When used to despeckle the real SAR image, the proposed methods achieved results that were comparable to those of the SARBM3D method, more successfully modeled homogeneous areas and estimated speckle noise in homogeneous areas, and effectively preserved textural features. The OCNN and SAR-CAM methods over-smoothed the real SAR image, destroying the point features and textural features, as shown in the Experimental Results section.

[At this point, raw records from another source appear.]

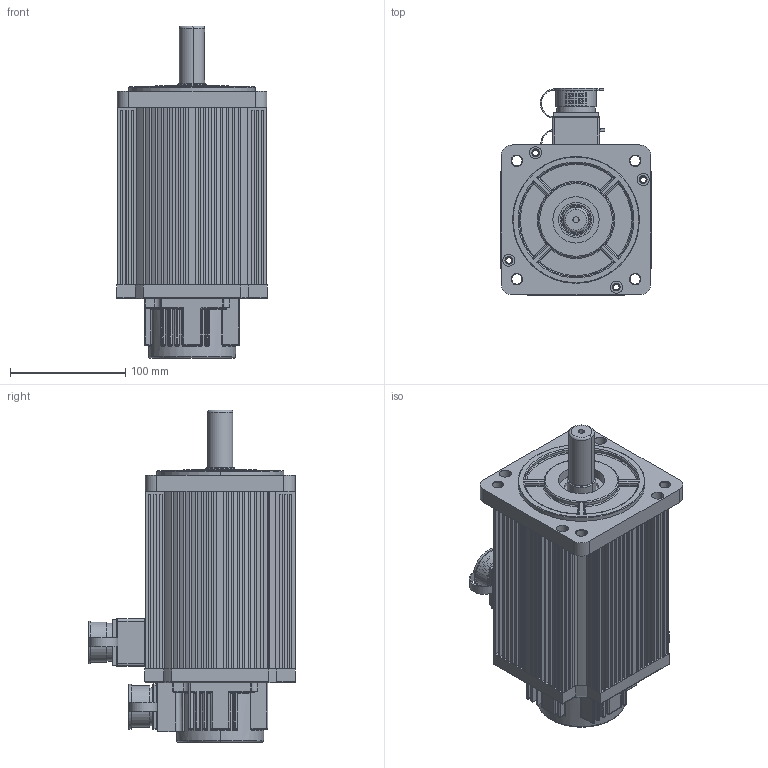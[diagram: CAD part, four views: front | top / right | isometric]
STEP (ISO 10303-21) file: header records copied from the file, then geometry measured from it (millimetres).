
FILE_DESCRIPTION (( 'STEP AP203' ), '1' );
FILE_NAME ('130整机装配1KW.STEP', '2019-11-08T01:52:45', ( '微软用户' ), ( '微软公司' ), 'SwSTEP 2.0', 'SolidWorks 2013', '' );
FILE_SCHEMA (( 'CONFIG_CONTROL_DESIGN' ));
Length unit declared in the file: millimetre
Products named in the file (14): ヶ傷裔; 綴傷裔; 褲极蚾饜; 儂褲; 粣; 菁釱菜え; Deep groove ball bearings GB_Rolling bearings 6205 GB 276-94; 脣釱菁釱; Deep groove ball bearings GB_Rolling bearings 6305 GB 276-94; 脣釱1; 蛌赽軞傖; 晤鎢ん欶裔; 130淕儂蚾饜1KW; 脣釱
Assembly tree (13 placements, depth 3):
  130淕儂蚾饜1KW
    褲极蚾饜
      儂褲
      菁釱菜え
      脣釱菁釱
      脣釱1
      晤鎢ん欶裔
      脣釱
      ヶ傷裔
      綴傷裔
    蛌赽軞傖
      粣
      Deep groove ball bearings GB_Rolling bearings 6205 GB 276-94
      Deep groove ball bearings GB_Rolling bearings 6305 GB 276-94
Bounding box: 130.5 x 179.45 x 287.9 mm (x, y, z)
Volume: 982137.8 mm3; surface area: 497224 mm2
Topology: 9 solids, 16 shells, 1589 faces, 4513 edges, 2875 vertices
Faces by surface type: cylinder 598, plane 574, torus 249, sphere 92, bspline 43, cone 33
Entity records: 58228 total; most frequent: CARTESIAN_POINT 16761, ORIENTED_EDGE 8570, DIRECTION 8311, EDGE_CURVE 4293, AXIS2_PLACEMENT_3D 3182, VERTEX_POINT 2757, LINE 1947, VECTOR 1947
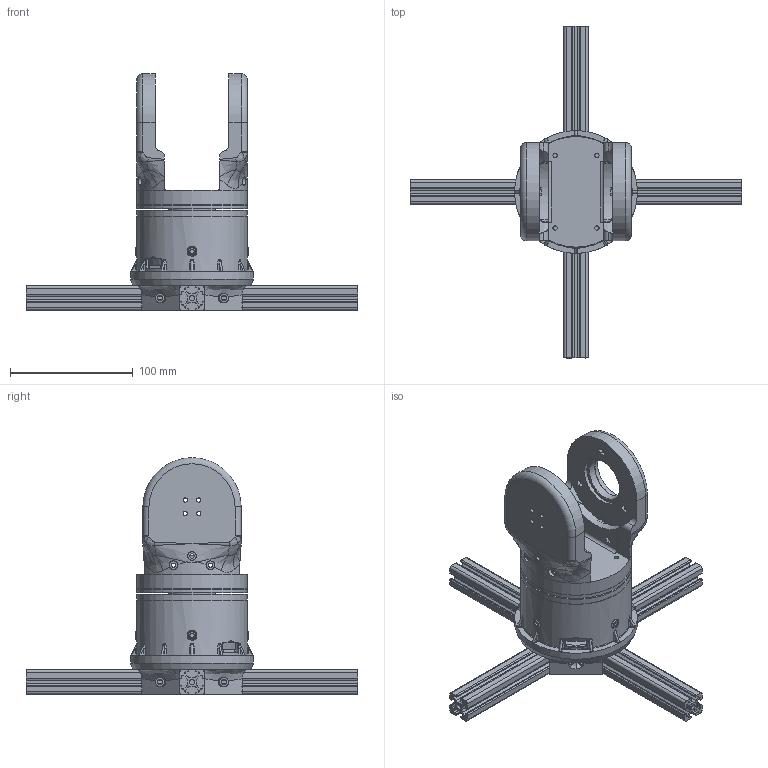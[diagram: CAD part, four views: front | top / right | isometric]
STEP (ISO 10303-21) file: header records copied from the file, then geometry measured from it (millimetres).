
FILE_DESCRIPTION(/* description */ (''),/* implementation_level */ '2;1');
FILE_NAME(/* name */ 'Robotic_Arm-Waist+Shoulder.step',/* time_stamp */ '2026-01-28T10:14:35-05:00',/* author */ (''),/* organization */ (''),/* preprocessor_version */ 'ST-DEVELOPER v20.1',/* originating_system */ 'Autodesk Translation Framework v14.24.0.0',/* authorisation */ '');
FILE_SCHEMA (('AUTOMOTIVE_DESIGN { 1 0 10303 214 3 1 1 }'));
Products named in the file (16): Robotic_Arm-Waist+Shoulder; Profiles; item_0037003_Profil 5 20x20_L=120_1; Base_ExtrusionConectors; Waist_Floor; Waist_Floor-Motor_Cap; Waise_FloorBearingCap; Waist_BearingTentionRing; Hip_WaistBeaaringBottom; Hip_WaistPlate; Hip_Hip-Arm_Base; Hip_Hip-Arm_Bearing-Arm; Hip_Hip-Arm_Bearing_Cover; Hip_Hip-Arm_Gear_Arm; 6807-2RS; 17HS13-0404S1
Assembly tree (19 placements, depth 3):
  Robotic_Arm-Waist+Shoulder
    Profiles
      item_0037003_Profil 5 20x20_L=120_1  x4
    Base_ExtrusionConectors
    Waist_Floor
      Waist_Floor-Motor_Cap
    Waise_FloorBearingCap
    6807-2RS  x2
    Waist_BearingTentionRing
    Hip_WaistBeaaringBottom
    Hip_WaistPlate
    Hip_Hip-Arm_Base
    Hip_Hip-Arm_Bearing-Arm
    Hip_Hip-Arm_Bearing_Cover
    Hip_Hip-Arm_Gear_Arm
    17HS13-0404S1
Bounding box: 270 x 270 x 192.55 mm (x, y, z)
Volume: 629386.2 mm3; surface area: 320009 mm2
Topology: 20 solids, 24 shells, 2338 faces, 6249 edges, 4030 vertices
Faces by surface type: plane 1394, cylinder 608, bspline 147, sphere 92, torus 59, cone 38
Full cylindrical faces by diameter (mm): 1.153 x4, 2.5 x4, 3.5 x64, 4.2 x12, 4.3 x4, 4.4 x4, 4.5 x4, 4.6 x4, 4.8 x4, 5 x2, 5.6 x2, 6 x4, 6.2 x5, 7 x8, 7.5 x8, 8.2 x4, 10 x8, 22 x1, 26 x1, 30.25 x1, 34.75 x1, 35 x1, 35.001 x2, 38 x1, 38.542 x8, 39 x1, 39.944 x2, 40 x1, 41 x2, 42.047 x2
Entity records: 63941 total; most frequent: CARTESIAN_POINT 20578, ORIENTED_EDGE 8976, DIRECTION 8627, EDGE_CURVE 4489, AXIS2_PLACEMENT_3D 3038, VERTEX_POINT 2920, LINE 2551, VECTOR 2551
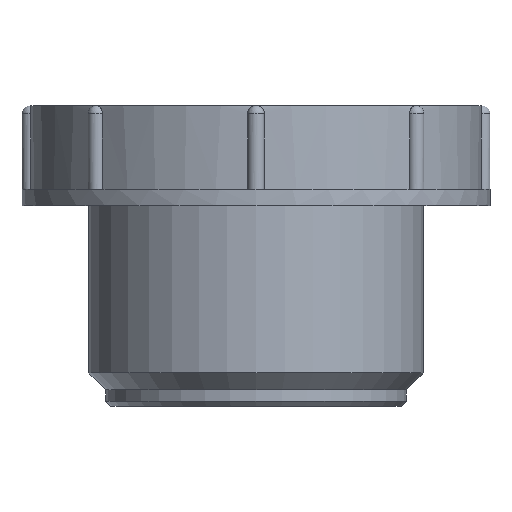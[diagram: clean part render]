
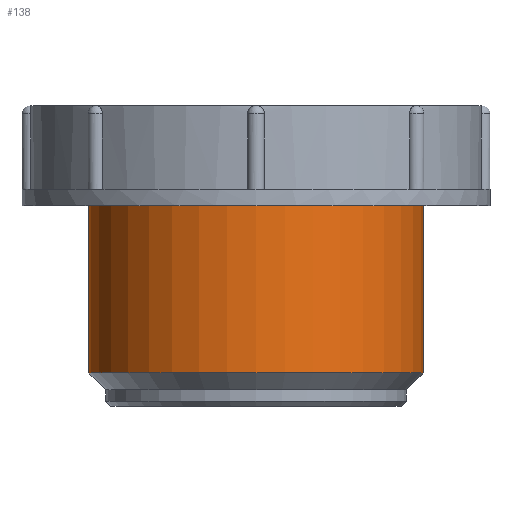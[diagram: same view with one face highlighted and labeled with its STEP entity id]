
A CAD part, front view. The second image highlights one B-rep face of the part: STEP entity #138.
In plain terms, the highlighted cylindrical face has radius 10 mm (diameter 20 mm), a full revolution.
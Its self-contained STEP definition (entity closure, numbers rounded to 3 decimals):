
#138 = ADVANCED_FACE( '', ( #296, #297 ), #298, .T. );
#296 = FACE_OUTER_BOUND( '', #469, .T. );
#297 = FACE_OUTER_BOUND( '', #470, .T. );
#298 = CYLINDRICAL_SURFACE( '', #471, 10. );
#469 = EDGE_LOOP( '', ( #799 ) );
#470 = EDGE_LOOP( '', ( #800 ) );
#471 = AXIS2_PLACEMENT_3D( '', #801, #802, #803 );
#799 = ORIENTED_EDGE( '', *, *, #1036, .T. );
#800 = ORIENTED_EDGE( '', *, *, #1032, .F. );
#801 = CARTESIAN_POINT( '', ( 0., 0., 57.15 ) );
#802 = DIRECTION( '', ( 0., 0., -1. ) );
#803 = DIRECTION( '', ( 1., 0., 0. ) );
#1032 = EDGE_CURVE( '', #1238, #1238, #1239, .T. );
#1036 = EDGE_CURVE( '', #1245, #1245, #1246, .T. );
#1238 = VERTEX_POINT( '', #1513 );
#1239 = CIRCLE( '', #1514, 10. );
#1245 = VERTEX_POINT( '', #1520 );
#1246 = CIRCLE( '', #1521, 10. );
#1513 = CARTESIAN_POINT( '', ( 10., 0., 0. ) );
#1514 = AXIS2_PLACEMENT_3D( '', #1825, #1826, #1827 );
#1520 = CARTESIAN_POINT( '', ( 10., 0., -10. ) );
#1521 = AXIS2_PLACEMENT_3D( '', #1834, #1835, #1836 );
#1825 = CARTESIAN_POINT( '', ( 0., 0., 0. ) );
#1826 = DIRECTION( '', ( 0., 0., 1. ) );
#1827 = DIRECTION( '', ( 1., 0., 0. ) );
#1834 = CARTESIAN_POINT( '', ( 0., 0., -10. ) );
#1835 = DIRECTION( '', ( 0., 0., 1. ) );
#1836 = DIRECTION( '', ( 1., 0., 0. ) );
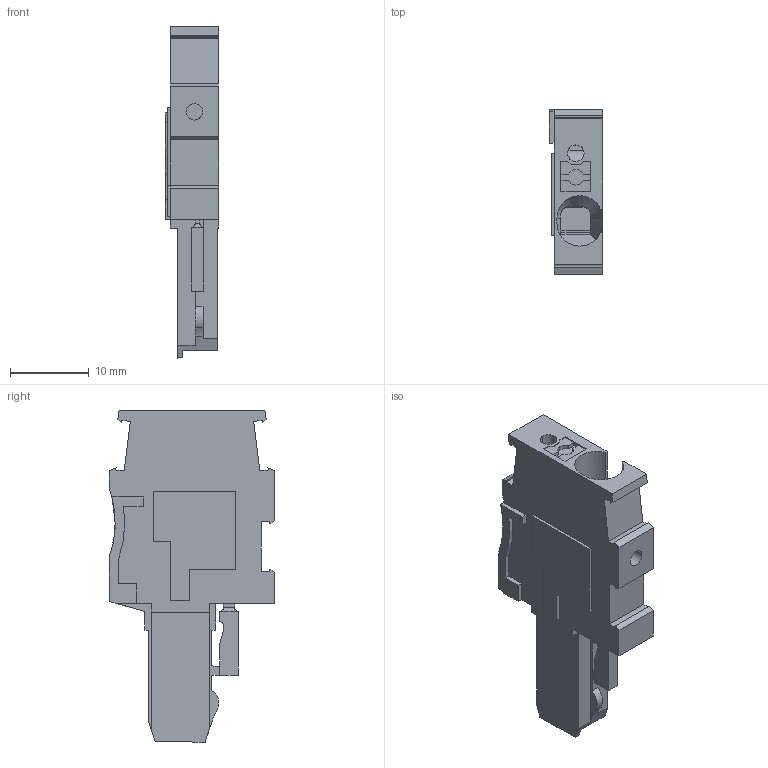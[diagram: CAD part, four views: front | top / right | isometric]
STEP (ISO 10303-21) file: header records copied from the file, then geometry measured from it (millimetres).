
FILE_DESCRIPTION(('Creo Elements/Direct Modeling STEP Export'),'2;1');
FILE_NAME('model.stp','2018-01-19T 2:41:37',(''),(''),'Creo Elements/Direct Modeling STEP processor for AP214 (Solid Model)','Creo Elements/Direct Modeling 18.1I 14-Aug-2016 (C) Parametric Technology GmbH','');
FILE_SCHEMA(('AUTOMOTIVE_DESIGN { 1 0 10303 214 1 1 1 1 }'));
Length unit declared in the file: millimetre
Products named in the file (2): PP_H_4_1_M-select
Assembly tree (1 placements, depth 2):
  PP_H_4_1_M-select
    PP_H_4_1_M-select
Bounding box: 6.75 x 21 x 42.17 mm (x, y, z)
Volume: 2896 mm3; surface area: 2706.1 mm2
Topology: 1 solids, 1 shells, 212 faces, 606 edges, 401 vertices
Faces by surface type: plane 180, cylinder 27, torus 2, extrusion 2, cone 1
Entity records: 9557 total; most frequent: CARTESIAN_POINT 2280, ORIENTED_EDGE 1212, DIRECTION 1053, EDGE_CURVE 606, VECTOR 519, LINE 515, VERTEX_POINT 401, AXIS2_PLACEMENT_3D 267
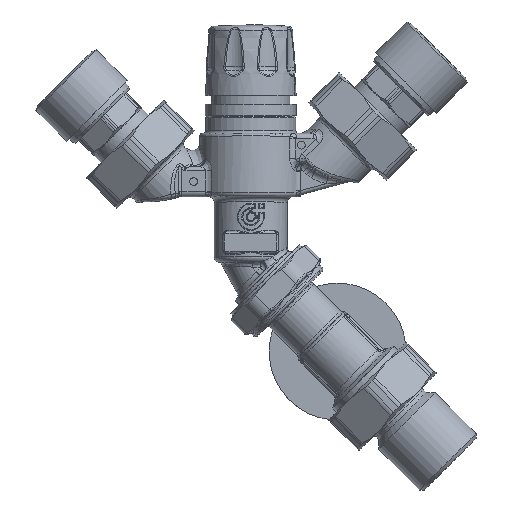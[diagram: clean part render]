
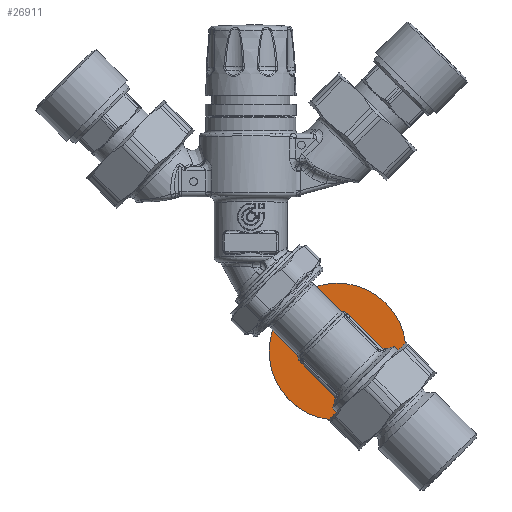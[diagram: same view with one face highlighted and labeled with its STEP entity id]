
A CAD part, top view. The second image highlights one B-rep face of the part: STEP entity #26911.
In plain terms, the highlighted planar face has unit normal (0, 0, 1).
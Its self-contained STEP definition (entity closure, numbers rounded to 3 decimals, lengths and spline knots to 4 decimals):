
#2280=FACE_BOUND('',#5526,.T.);
#3788=FACE_OUTER_BOUND('',#5525,.T.);
#5525=EDGE_LOOP('',(#20429));
#5526=EDGE_LOOP('',(#20430));
#9193=CIRCLE('',#29336,1.03);
#9195=CIRCLE('',#29340,0.3);
#11120=VERTEX_POINT('',#67493);
#11122=VERTEX_POINT('',#67500);
#14330=EDGE_CURVE('',#11120,#11120,#9193,.T.);
#14333=EDGE_CURVE('',#11122,#11122,#9195,.T.);
#20429=ORIENTED_EDGE('',*,*,#14330,.T.);
#20430=ORIENTED_EDGE('',*,*,#14333,.T.);
#24023=PLANE('',#29341);
#26911=ADVANCED_FACE('',(#3788,#2280),#24023,.F.);
#29336=AXIS2_PLACEMENT_3D('',#67495,#34482,#34483);
#29340=AXIS2_PLACEMENT_3D('',#67502,#34491,#34492);
#29341=AXIS2_PLACEMENT_3D('',#67503,#34493,#34494);
#34482=DIRECTION('center_axis',(0.,0.,
1.));
#34483=DIRECTION('ref_axis',(-0.707,0.707,0.));
#34491=DIRECTION('center_axis',(0.,0.,
-1.));
#34492=DIRECTION('ref_axis',(0.707,-0.707,0.));
#34493=DIRECTION('center_axis',(0.,0.,
-1.));
#34494=DIRECTION('ref_axis',(0.707,-0.707,0.));
#67493=CARTESIAN_POINT('',(2.0348,-3.5269,-2.4095));
#67495=CARTESIAN_POINT('Origin',(1.3064,-2.7986,-2.4095));
#67500=CARTESIAN_POINT('',(1.0943,-2.5864,-2.4095));
#67502=CARTESIAN_POINT('Origin',(1.3064,-2.7986,-2.4095));
#67503=CARTESIAN_POINT('Origin',(1.3064,-2.7986,-2.4095));
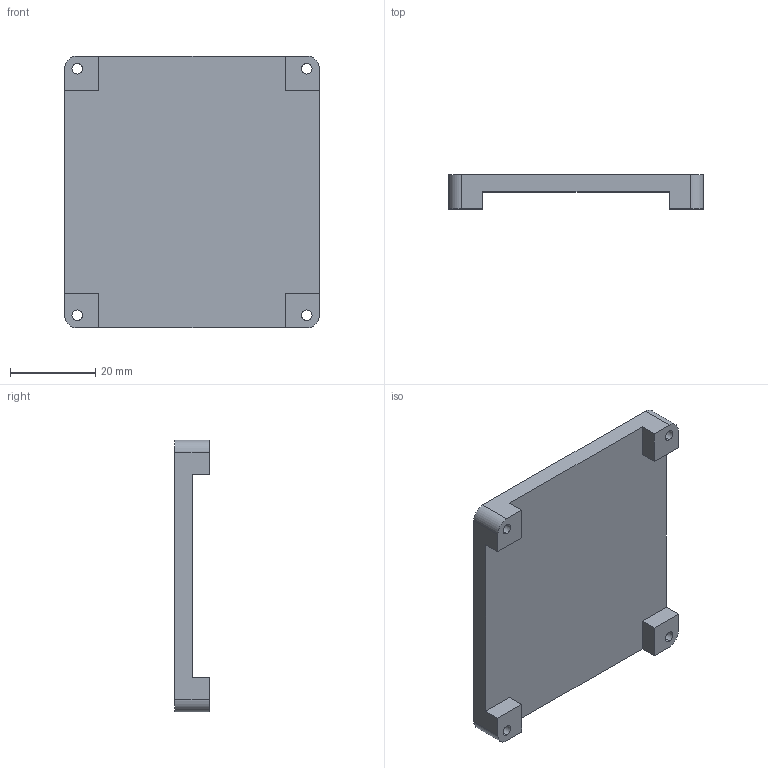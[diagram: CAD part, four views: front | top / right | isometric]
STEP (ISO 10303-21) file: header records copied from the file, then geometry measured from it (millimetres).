
FILE_DESCRIPTION (( 'STEP AP214' ), '1' );
FILE_NAME ('25.STEP', '2025-04-02T13:51:31', ( '' ), ( '' ), 'SwSTEP 2.0', 'SolidWorks 2024', '' );
FILE_SCHEMA (( 'AUTOMOTIVE_DESIGN' ));
Length unit declared in the file: millimetre
Products named in the file (1): 25
Bounding box: 59.97 x 8 x 63.97 mm (x, y, z)
Volume: 15899.7 mm3; surface area: 9443.8 mm2
Topology: 1 solids, 1 shells, 98 faces, 267 edges, 178 vertices
Faces by surface type: plane 54, cylinder 42, bspline 2
Entity records: 3222 total; most frequent: CARTESIAN_POINT 626, DIRECTION 541, ORIENTED_EDGE 534, EDGE_CURVE 267, AXIS2_PLACEMENT_3D 181, LINE 179, VECTOR 179, VERTEX_POINT 178

Further work could include recent advances in SAR image processing, where the attention mechanism can have different structures and can be exploited by transformer-based structures. Recent advances have shown that the standard approaches to adaptive mean weighting and nonlocal means can be combined successfully with CNN-based methods. To achieve improvements in efficiency, it is important to find a mechanism that is able to assign higher importance to the strong features and restrain the non-important ones.

6. Conclusions

This paper proposed and evaluated two methods for SAR image despeckling. In the first method, the dilated convolutional network for SAR image despeckling was extended using a twin network to better estimate and preserve SAR image features. The second method combined a residual network and U-net and additionally enhanced the image features using a multi-resolution attention mechanism containing a Multiscale Attention Mechanism with ECA. The methods were designed differently and used different loss functions but were trained on the same datasets. The datasets used for training and validation consisted of a dataset containing synthetic images with speckle noise and a multi-temporal dataset containing images from the Sentinel 1, ALOS-2, and TerraSAR-X satellites. This paper demonstrated that although both proposed methods have different architectures, they both provide very good results in measurements of despeckled image quality. The methods were compared with the SARBM3D and dilated CNN methods. All the methods could effectively deal with correlated speckle noise, except for the SARBM3D method, which could not estimate this noise in the case of real SAR images. According to the experimental evaluation, the suggested approaches can effectively assess speckle and they exhibit superior capabilities over conventional techniques and DCNNs.

Author Contributions

Conceptualization, B.P. and D.G.; methodology, B.P. and D.G.; software, B.P. and D.G.; validation, B.P. and D.G.; formal analysis, D.G.; investigation, B.P.; resources, B.P. and D.G.; data curation, B.P.; writing—original draft preparation, D.G.; writing—review and editing, B.P.; visualization, B.P.; supervision, D.G.; project administration, D.G.; funding acquisition, D.G. All authors have read and agreed to the published version of the manuscript.

Funding

This research was funded by the Slovenian Research Agency (ARRS) research program number P2-0065.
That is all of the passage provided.